Magnus Ernst: Der Songwriter (links) bot mit der Gruppe Rathmann, mit im Bild Caro Sommer und Arne Wolff, Kostproben seiner originellen Lyrik. © Karl-Hermann Völker

Ein liebevoll mit Buchsbaum umhegter Garten, untergehende Sonne, Schäfchen am Zaun, letztes Rütteln des Turmfalken um den alten Schornstein vor der Nacht - atmosphärischer konnte die Kulisse an einem warmen Sommerabend für ein kleines Open-Air mit regionalen Musikern aus Waldeck-Frankenberg kaum sein.

Lichtenfels-Dalwigksthal –Jan Küstner, unermüdlicher Kultur-Organisator rund um seine Dalwigksthaler Alte Mühle, war glücklich: Nach mehrfach unterbrochener Pandemiepause konnte er wieder einmal viele Gäste zu einem Musikevent begrüßen, zum letzten Mal als „Klappstuhlkonzert“ in diesem Jahr.

„Wuthe und Faust“

Gleich drei Bands hatte er diesmal in seinen Mühlengarten eingeladen: „Wuthe und Faust“ mit Maik Garthe (Ellershausen) und Jan Hampicke (Kassel), „Rathmann“ mit dem aus Bottendorf stammenden Magnus Ernst als Songwriter und Frontmann sowie die neue Gruppe „Niklas Behle und Freunde“ aus dem Raum Korbach, die an diesem Abend ihren zweiten Auftritt hatte.

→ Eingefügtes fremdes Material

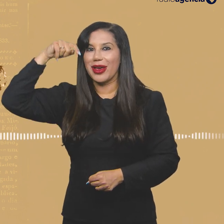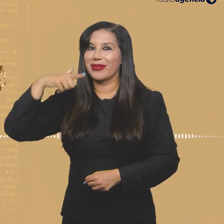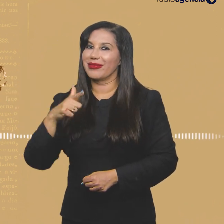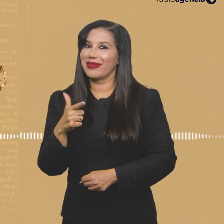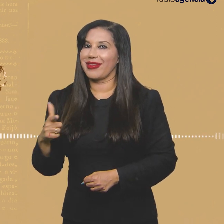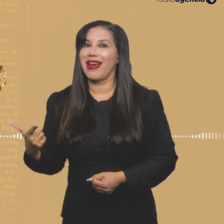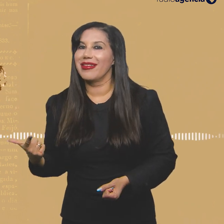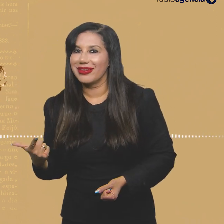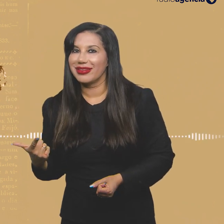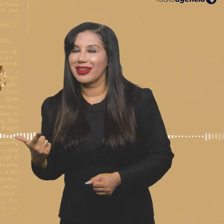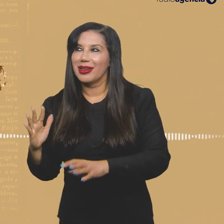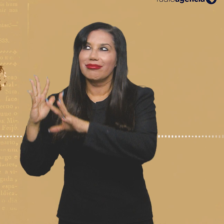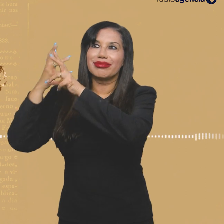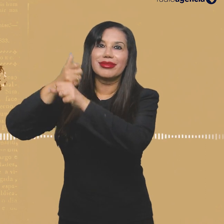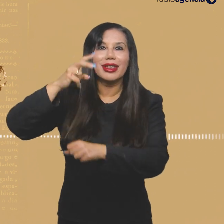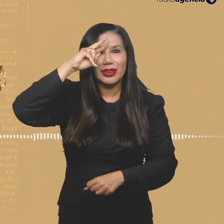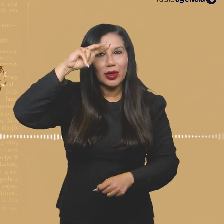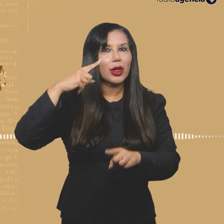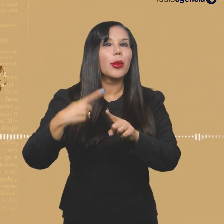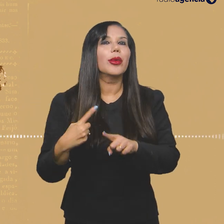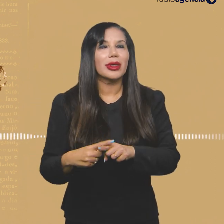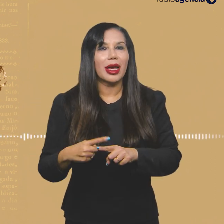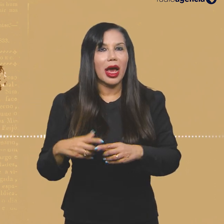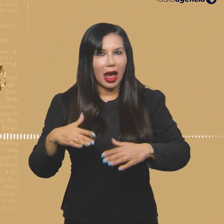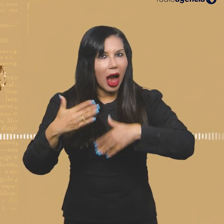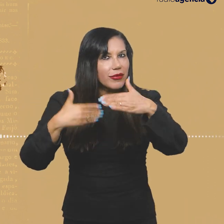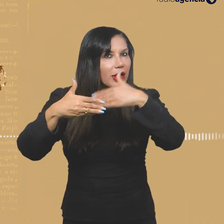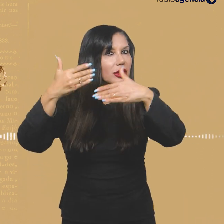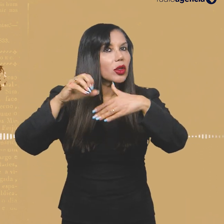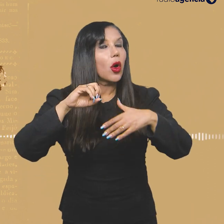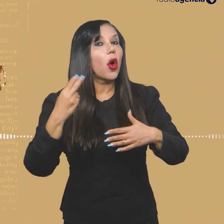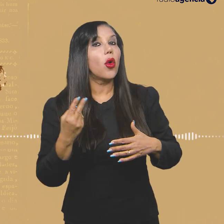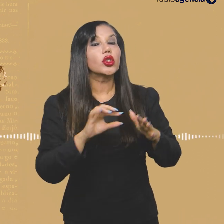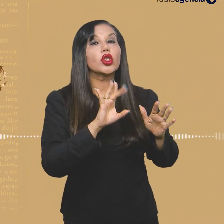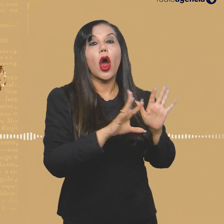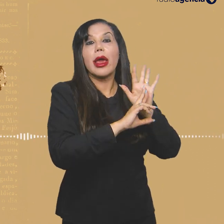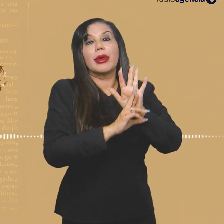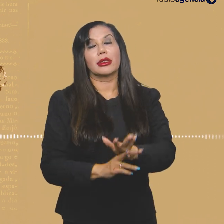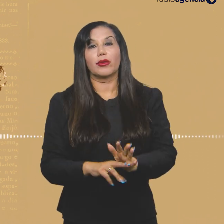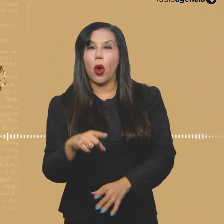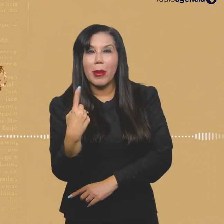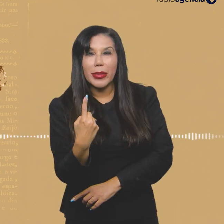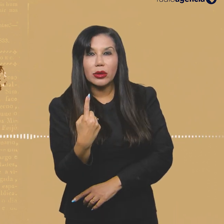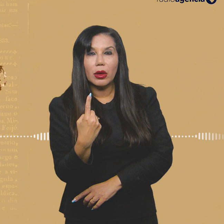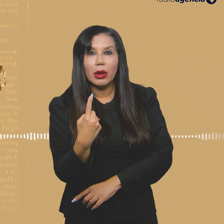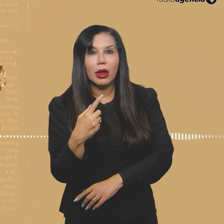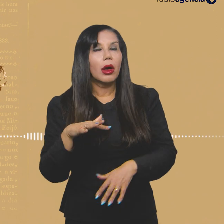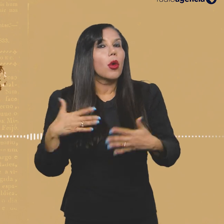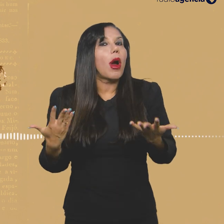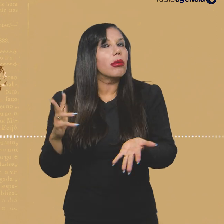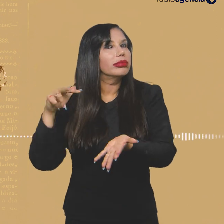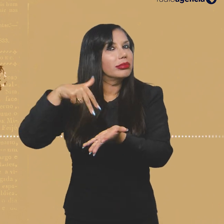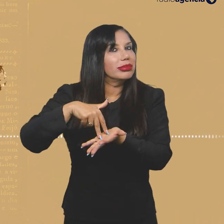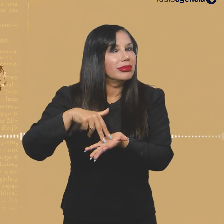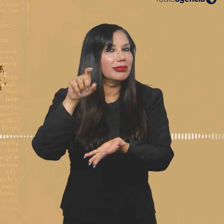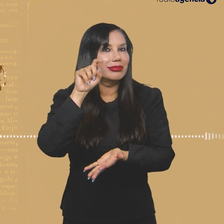pessoas minorizadas historicamente, você acha que realmente a gente está tendo um avanço ou a gente só está tendo uma representatividade? Qual é esse lugar que

Sie machten den Abend gemeinsam schon deshalb zur musikalischen Entdeckungsreise, weil keiner von ihnen altbekannte Cover-Songs anbot, sondern alle selbst gemachte Stücke mit unterschiedlichsten Stilformen und origineller Songwriter-Poesie präsentierten, was die Atmosphäre und das Hörerlebnis auch inhaltlich sehr individuell machte.

Mit starkem Groove und virtuosen Gitarrenläufen, technisch perfekt, synchron und ausgewogen in der akustischen Mischung von Western- und Fender-Gitarre bei Blues, Rock, Country und Folk, begeisterten zu Beginn Wuthe und Faust ihre große Fangemeinde. „Dreaming Of Good Times“, spielten sie, und Maik Garthe beschwor in seiner Moderation nicht ohne Sarkasmus die neuen „guten Zeiten, und zack - waren sie wieder vorbei.“

Wuthe und Faust: Jan Hampicke (links) und Maik Garthe boten einen kraftvollen Auftritt.
Wuthe und Faust: Jan Hampicke (links) und Maik Garthe boten einen kraftvollen Auftritt. © Karl-Hermann Völker

Niklas Behle mit Freunden

Bodenständigen Folk-Rock mit klaren harmonischen Grundstrukturen und feinen Gitarrenriffs, darüber die rockige, ausdrucksstarke Stimme des Frontmanns und Gitarristen bot der Korbacher Niklas Behle mit seinen Freunden: Das sind Kooshan Baheri (Bass), Marcel Nitsche (Gitarre) und Florian Müller (Schlagzeug). Die Gruppe ist aus der „Pole-Position“, so Behles erster Erfolgssong, heraus gestartet und kam auch beim anspruchsvollen Publikum in Dalwigsthal auf Anhieb gut an.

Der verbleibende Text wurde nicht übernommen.